When it comes to thinking about blockchains, most of us automatically go to cryptocurrencies like bitcoin and Ethereum and think about money. How much are these currencies worth in US dollars? How much value have they gained or lost recently? It took two financially-related but non-monetary examples that I heard about recently to convince me that I was looking at the wrong part of the elephant.
Before I tell you about how I came to this insight I want to talk about the money part of blockchain first. I recently read Dan Conway’s new memoir, Confessions of a Crypto Millionaire. The book is now out, and I would urge you to get a copy and read it. Unlike many business books that quickly run out of ideas and out of steam after the first chapter, Conway’s tale about how he became an early investor in Ether is both a cautionary and celebratory one. You can read my review of his book here, along with some insights from the email conversation we have had over its launch. From these emails, Conway told me about an experiment by the UN with an Indian local land registry in Panchkula. The issue is trying to identify the rightful owner of a plot of land, particularly in the developing world where paper records are scarce or misfiled. The UN has built a registry based on Ethereum smart contracts to create a single source of truth of ownership status and property history. The buyer will be assured that the land being bought is the correct plot, and that the seller is unequivocally its owner. Everyone can see in near real time who owns what, improving accuracy and transparency. The system doesn’t require computer access or Ether wallets and works in the background to support land transactions. Similar projects are underway in title registries the States and in other countries too.
Blockchain technology is being used in another interesting project as part of a new protocol from Kiva.org. I have been loaning money to various developing world entrepreneurs for a decade through this organization which funds millions of dollar-equivalents of such loans. I wrote about Kiva here in 2009 and since then have been active using their platform. Over the years I have funded 54 different people in more than 30 countries and loaned $1400. This was done with a very modest amount of “new money” because I very determinedly loan my funds when the original loans have been paid back. And what is interesting is almost all my loans have been paid back, with less than $30 lost from defaults, although some loans are paid in full but late. The way Kiva works, once you collect at least $25 back from your loan recipients, you can relend it to someone else.
Last year Kiva announced the creation of its own blockchain-based protocol, and last week announced its implementation in Sierra Leone. It will be available to the about 5M adults living there to use as an identity management device, based on their fingerprints to authenticate each person in financial transactions. One of the problems with many unbanked people is that there is no easy mechanism to verify someone who has no credit score, no previous financial history, no anything that you and I would consider part of our financial footprint. That is where the Kiva protocol comes into play. Whether it will work in Sierra Leone – or anywhere else – is still to be seen, but it is an interesting proof of concept. (I have yet to make a loan to anyone there, but you can be sure that I will look for someone to sponsor at the next opportunity.)

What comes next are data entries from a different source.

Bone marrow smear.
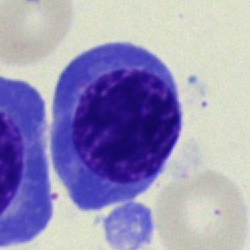
Cell = erythroblast.
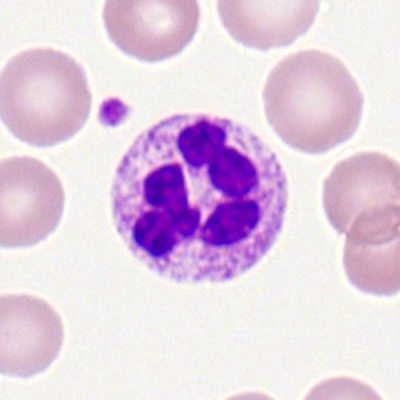 Specimen: peripheral blood smear.
Morphological class: segmented neutrophil.
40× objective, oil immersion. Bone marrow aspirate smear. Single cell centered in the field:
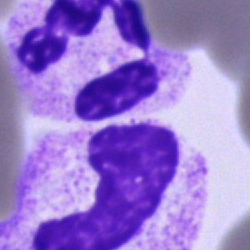

Specimen: bone marrow smear.
Cell: polymorphonuclear neutrophil.
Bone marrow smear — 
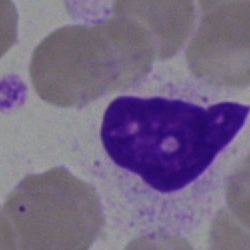
Cell type: artefact.
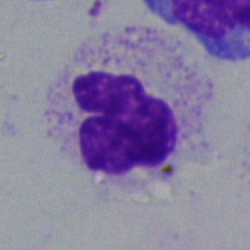
The cell is neutrophil (segmented).
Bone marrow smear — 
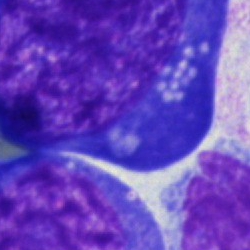

Morphology consistent with a pronormoblast.
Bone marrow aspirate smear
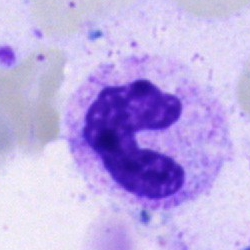 Cell — band-form neutrophil.
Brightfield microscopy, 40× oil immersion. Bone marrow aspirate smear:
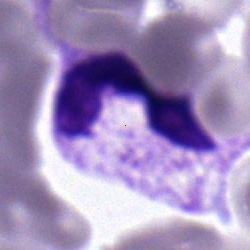Q: What cell is this?
A: Neutrophil (segmented).
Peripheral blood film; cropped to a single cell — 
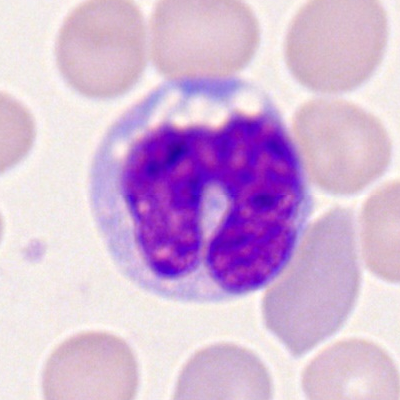
Q: Which cell type is shown here?
A: Monocyte.
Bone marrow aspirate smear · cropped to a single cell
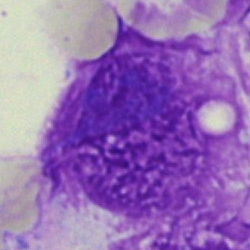
Single cell identified as an artifact.
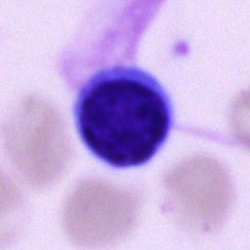A lymphocyte.
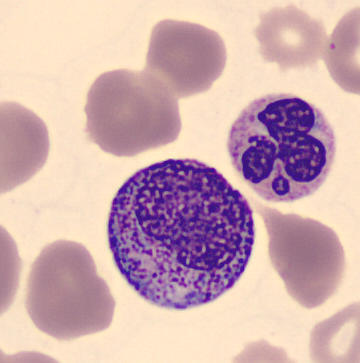A progranulocyte.
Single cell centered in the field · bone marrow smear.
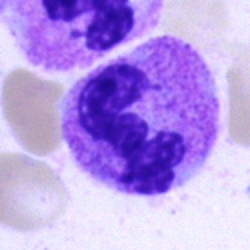

Impression → neutrophil (segmented).
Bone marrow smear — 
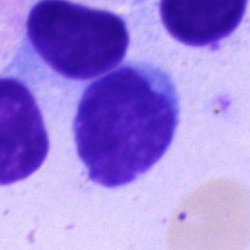 Morphology — lymphocyte.
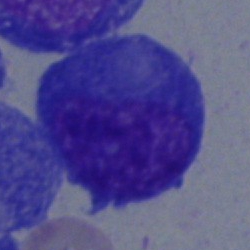
{"cell_type": "blast"}
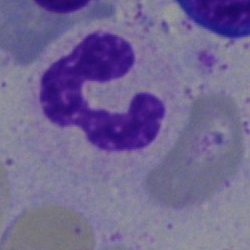
A neutrophil (segmented) on a bone marrow smear.

Being based on blockchain means there is no central repository of fingerprints that can be downloaded – they are stored in a distributed database that is created individually by each person. That was a hard concept for me to wrap my head around for some reason, but it makes sense when you think about it. It could be possible to decode each transaction to obtain a single fingerprint scan, but whether this could be done on a large enough scale would be difficult. Certainly, it would be a lot harder than just accessing an unprotected AWS S3 database, for example.
We are still in the brave new world of blockchain, to be sure. Expect to see other innovative ways to use identity and distributed databases in the future that have nothing to do with the bitcoin exchange rate. We certainly live in exciting times.